I stood at the top and breathed deeply in and out for a long time, kicking my toe into the dust, repeatedly looking back to make sure everything was right. The air blew lightly up into my face, a sea breeze warmed by miles of flood plain and desert that now gently lifted as it met the mountain. The vast basin far below me was filled with houses, highways, hassles, people, details, mistakes. The fear I was feeling hadn’t decreased much after 58 times, but that was kind of why I was up there. I needed to face fear. It was totally quiet except for my measured breathing and the slight rustle of the breeze across my ears.
Since my teen years I had been involved in what could be called high-risk recreational activities: rock climbing, backcountry skiing, and surfing in places like Ocean Beach, and I had never had an accident. For reasons I’m still coming to understand, I decided to learn how to speedfly when I was 45 years old. From a practical and a statistical standpoint, speedflying is likely more dangerous than most other peacetime activities. I had wanted to fly for years but never had the nerve to actually do it. But by the summer of 2015, I had torpedoed my marriage, walked away from my wife of eight years and our home at the beach, and from our promising career together. I felt terrified, guilty, and hopeless. Turns out I had stumbled onto a sufficient supply of “fuck it” to finally take flying lessons. I spent a couple months living out of my van, bouncing between flying centers in Utah and Southern California, learning everything I could.
I don’t think it was a death wish, maybe just more of a midlife crisis. I needed to go fast, to fly free like a bird, and I didn’t have the money for a sports car or an airplane. Sometimes called a “death rag” by paraglider and hang glider pilots, a speedwing is a small fabric canopy that fits in a medium-sized backpack and allows the pilot to hike up a mountain and run off a small launch spot and, under this wing, descend rapidly and generally close to the terrain. It is absolutely thrilling. Sitting around a campfire with speedfliers you’ll hear few stories about the good old days. Most of the talk is about accidents and people who are no longer living.
I leaned forward and began to run toward the edge, heaving my shoulders against the harness as the wing cells filled with air and climbed over my head. I snuck a quick glance upward to confirm it was inflated properly before I reached the point of no return. The hillside dropped away rapidly and I was flying, the wind roaring past my face and ears. One of my instructors had once told me, “Launching is optional. Landing is mandatory.” No matter how scared I felt at that moment I was totally committed. This was the stuff. I cawed with exhilaration as I steepened into the first of five or six pendulous turns, the steep mountainside rushing beneath my legs. But then my glider developed something called “Pilot Induced Oscillations,” in which the wing is rocking side to side seemingly uncontrollably. It isn’t good. I had experienced them before and I certainly wasn’t trying to induce them on this or any other flight. Bear in mind that a pilot with sixty flights under his or her belt is still very much a novice. By the time I had controlled the oscillations I saw that I had already lost too much altitude to be able to complete my upwind approach over the landing zone. I knew I was going to land badly and just needed to make it as gentle as possible on my body. At this point I was not feeling fear, only intense focus within a few molasses-slow moments.

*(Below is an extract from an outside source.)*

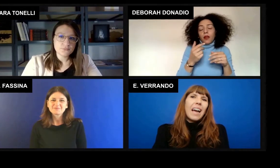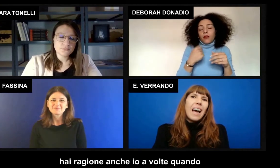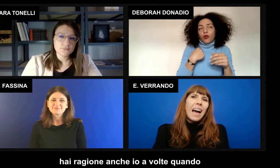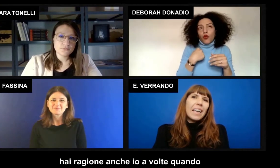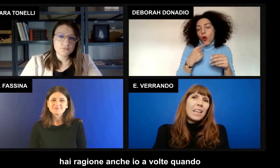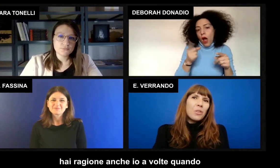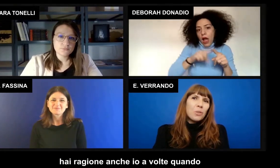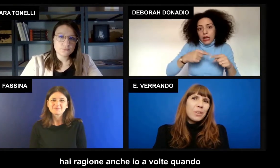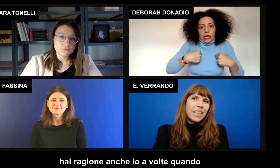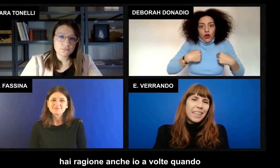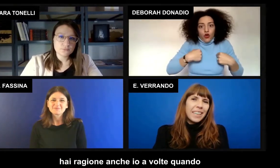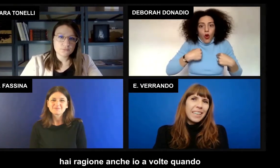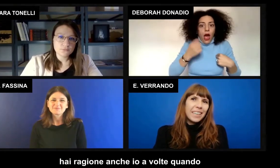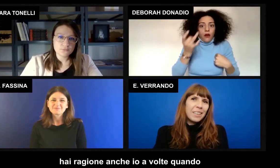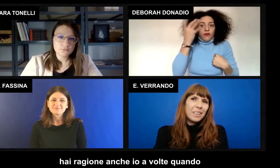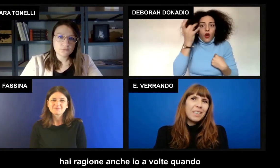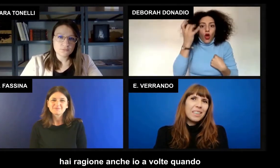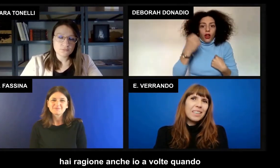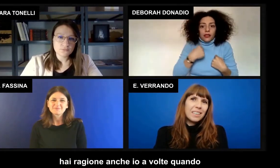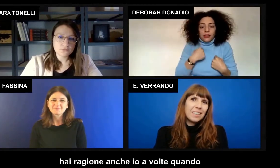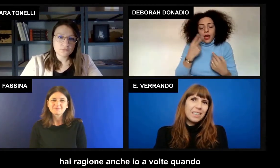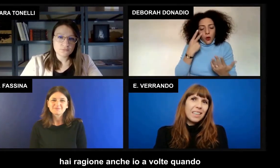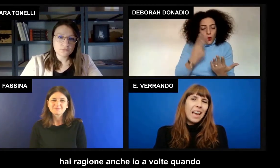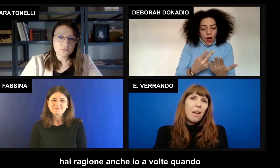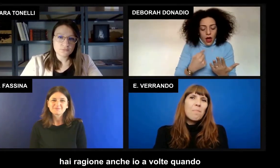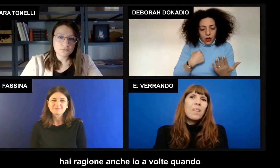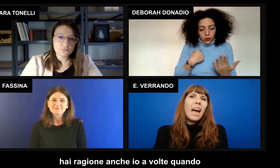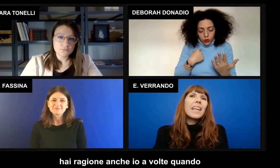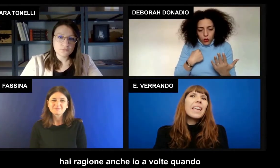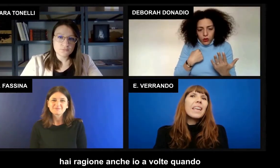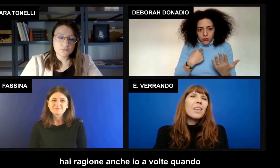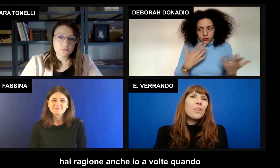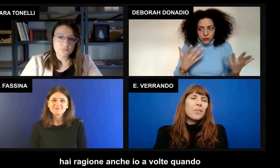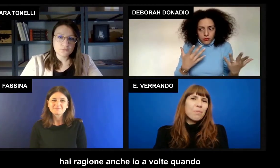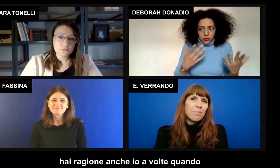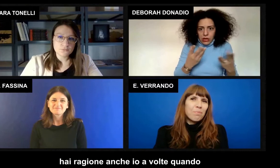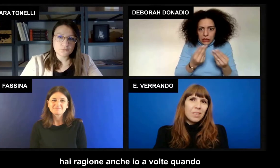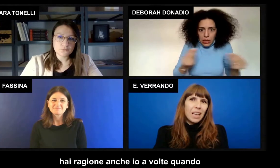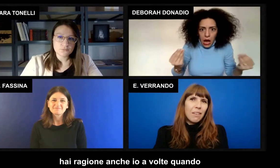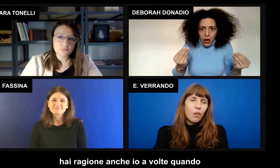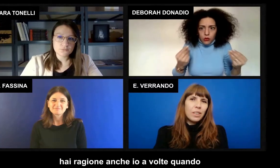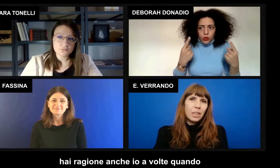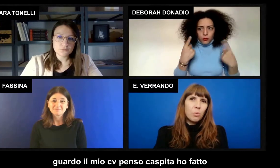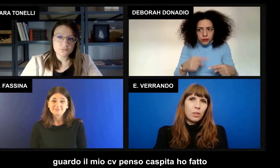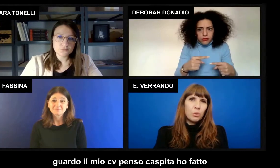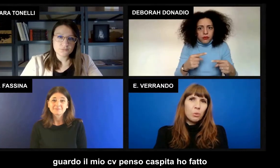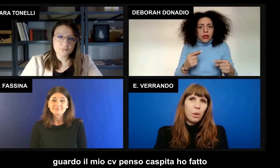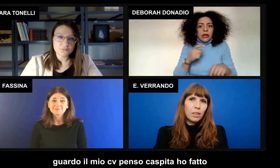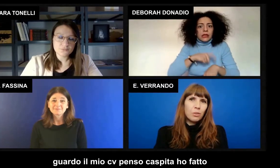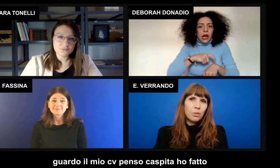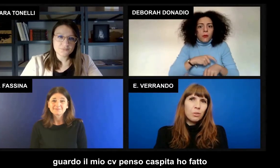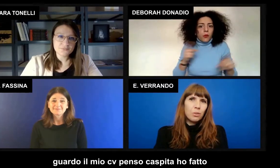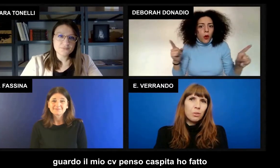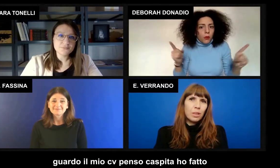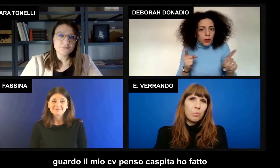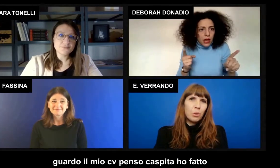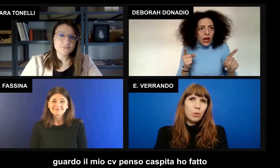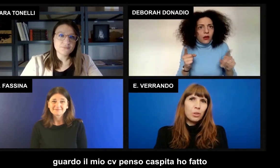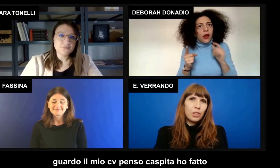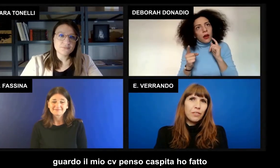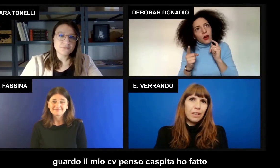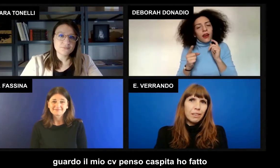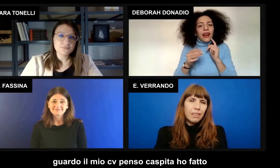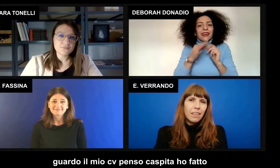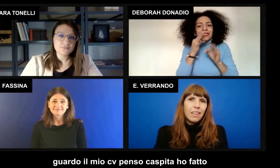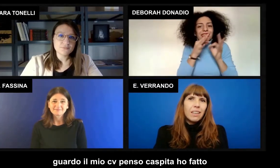hai ragione, anche io a volte quando guardo il mio

I underwent over 20 surgeries on my left ankle and a few on my pelvis. I contracted a stubborn bone infection. I spent a total of six months in three different hospitals over three years. I was on powerful intravenous antibiotics for months at a time. My family, friends, and bandmates were subjected to years of worry and uncertainty. A crowdsourcing campaign raised tens of thousands of dollars toward my uncovered medical bills. Inevitably, I had become addicted to the opioids I was prescribed. I watched life march on without me and I felt the darkest despair I have ever known. In the end, I limped away from the experience with a fixed ankle, a heavy credit card debt, and a new, if somewhat unclear, outlook on what it means to face my fears. My judgement was suspect at the very least. I actually found entirely new categories of fears to be faced, ones that had never occurred to me. In that sense, the experience was positive.
I don’t believe that confronting my fears has made me less afraid. In fact I think it has made me more cautious in general. I have even noticed hesitation at moments when there should only be commitment, a potentially dangerous thing, and that disturbs me. I am still wanting to face the things that terrify me, like failing at a relationship or a career, jumping off a mountain, going broke, swimming a big rapid, telling the truth when it’s hard, dying alone. I can’t even imagine how scary it is to have children in this world. But now I have a fairly realistic sense of what the consequences of flying in the face of fear can really be. I hope we all win those confrontations every time but that is unlikely. I am grateful to have survived my experience relatively unscathed. Many do not. Nevertheless, the beast was bigger than I bargained for. I really had no idea, and now I do. As the saying goes, “The more you know, the less you know.”